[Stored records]
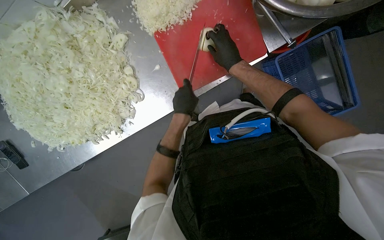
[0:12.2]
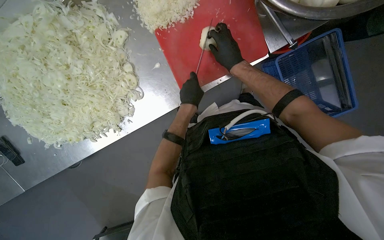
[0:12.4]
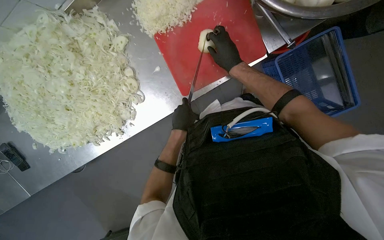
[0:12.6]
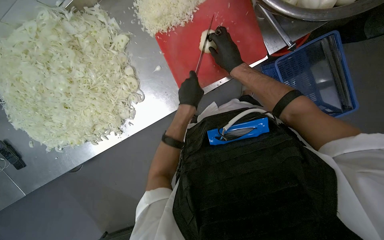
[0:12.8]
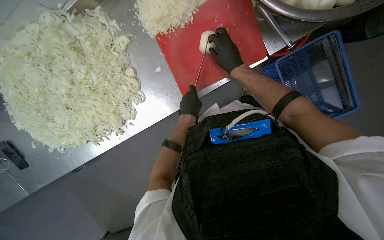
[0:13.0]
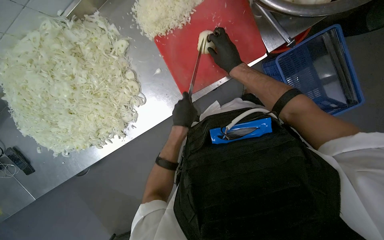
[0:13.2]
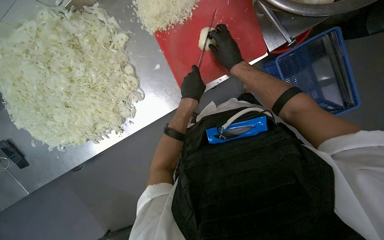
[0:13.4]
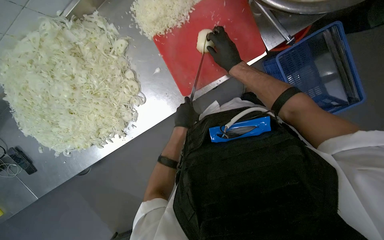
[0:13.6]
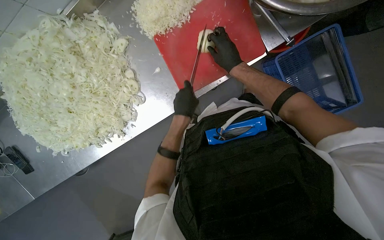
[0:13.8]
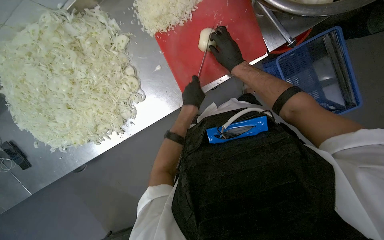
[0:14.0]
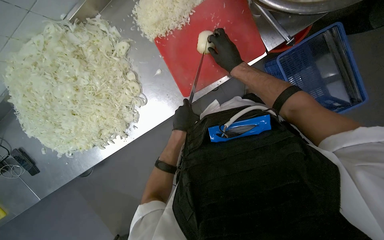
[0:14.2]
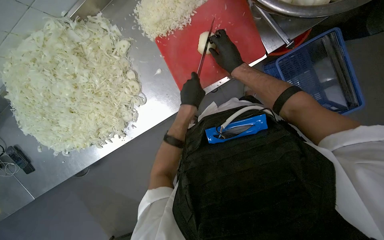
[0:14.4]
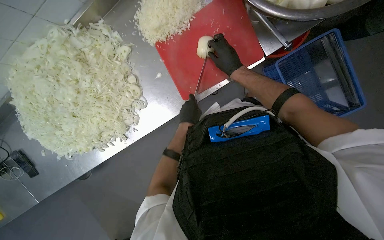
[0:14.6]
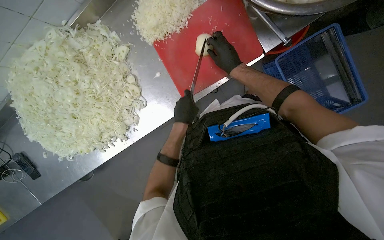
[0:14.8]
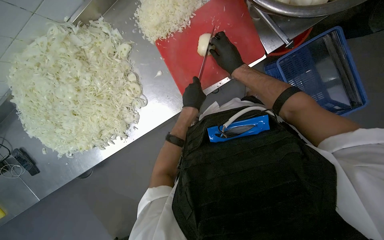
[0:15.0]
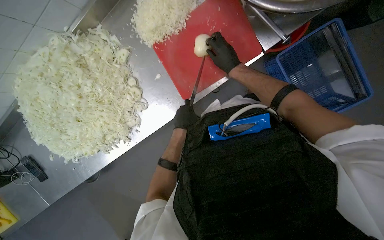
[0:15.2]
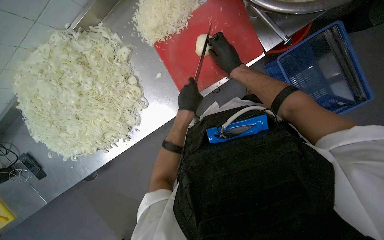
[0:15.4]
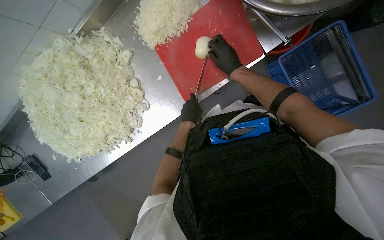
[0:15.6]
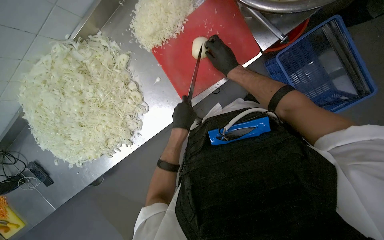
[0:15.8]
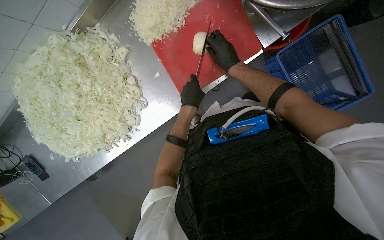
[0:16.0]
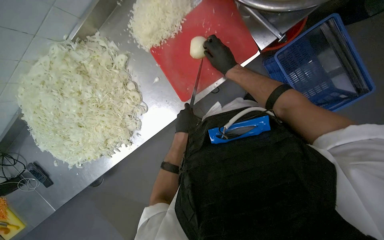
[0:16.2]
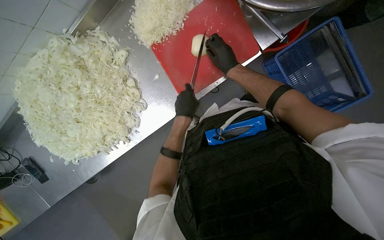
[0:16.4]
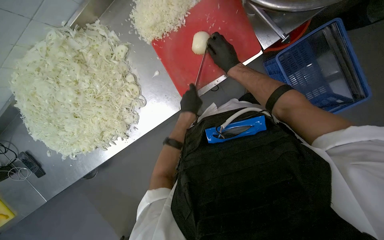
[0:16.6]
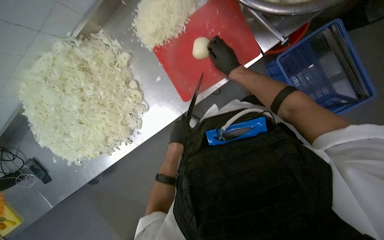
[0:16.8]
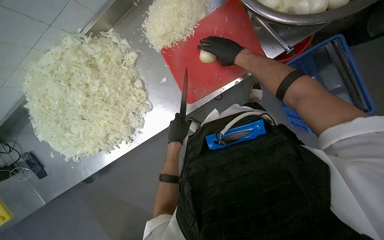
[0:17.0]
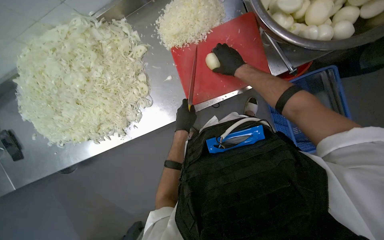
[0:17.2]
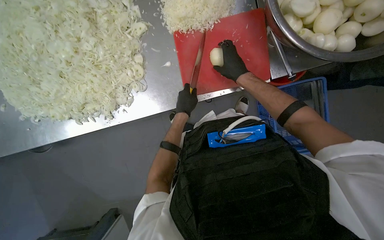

To do: Keep every word of the lines above unchanged in the copy, and omit the pictures.

Solution to this exercise:
[0:12.2]
[0:12.4]
[0:12.6]
[0:12.8]
[0:13.0]
[0:13.2]
[0:13.4]
[0:13.6]
[0:13.8]
[0:14.0]
[0:14.2]
[0:14.4]
[0:14.6]
[0:14.8]
[0:15.0]
[0:15.2]
[0:15.4]
[0:15.6]
[0:15.8]
[0:16.0]
[0:16.2]
[0:16.4]
[0:16.6]
[0:16.8]
[0:17.0]
[0:17.2]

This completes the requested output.